-- Task material follows --

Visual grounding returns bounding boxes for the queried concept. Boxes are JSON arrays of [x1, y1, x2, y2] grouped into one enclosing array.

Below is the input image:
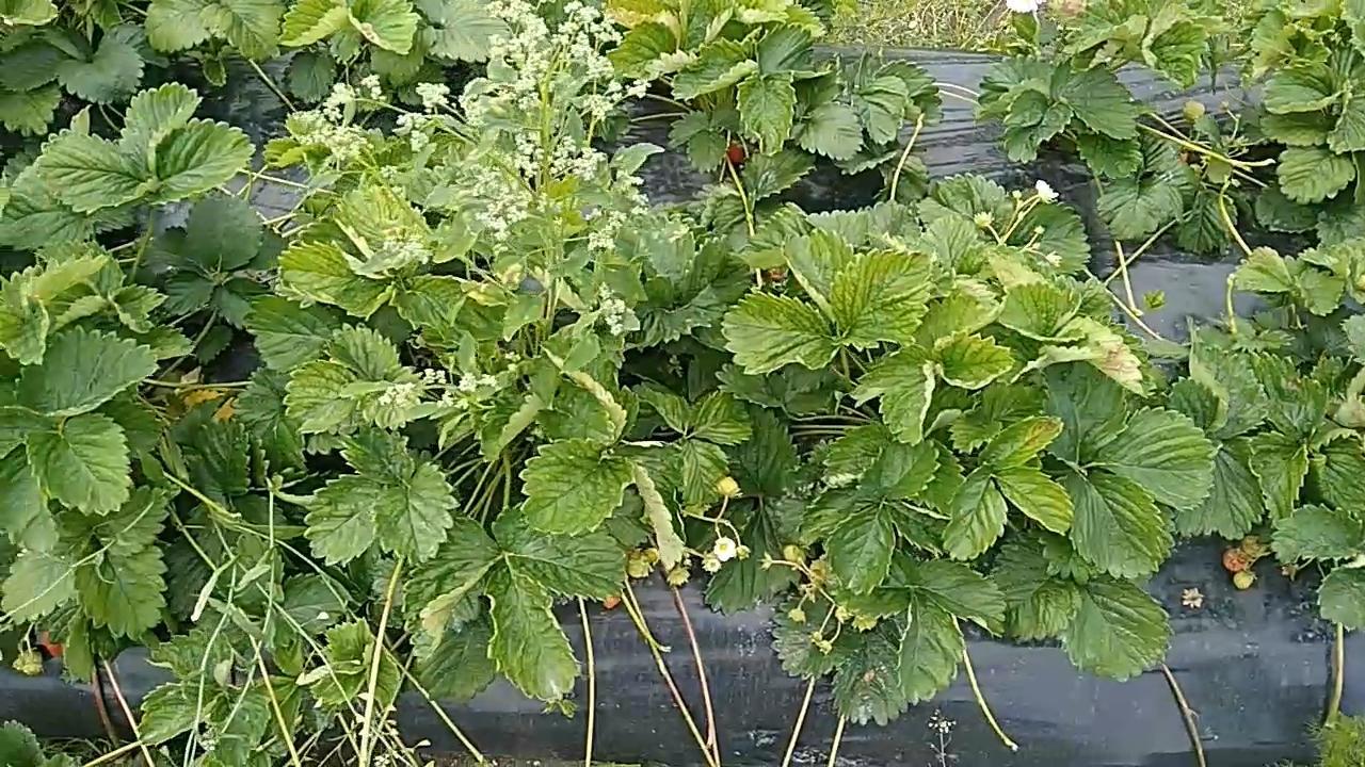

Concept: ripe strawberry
[[721, 134, 758, 170]]
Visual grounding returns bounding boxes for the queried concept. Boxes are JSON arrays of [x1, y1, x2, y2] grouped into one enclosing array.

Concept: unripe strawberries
[[1219, 544, 1251, 574], [1227, 566, 1259, 601]]

-- Task material concluded --

• **The task**: Print every record exactly, without the pictures.

• **Answer to the problem**:
Visual grounding returns bounding boxes for the queried concept. Boxes are JSON arrays of [x1, y1, x2, y2] grouped into one enclosing array.

Below is the input image:

Concept: ripe strawberry
[[721, 134, 758, 170]]
Visual grounding returns bounding boxes for the queried concept. Boxes are JSON arrays of [x1, y1, x2, y2] grouped into one enclosing array.

Concept: unripe strawberries
[[1219, 544, 1251, 574], [1227, 566, 1259, 601]]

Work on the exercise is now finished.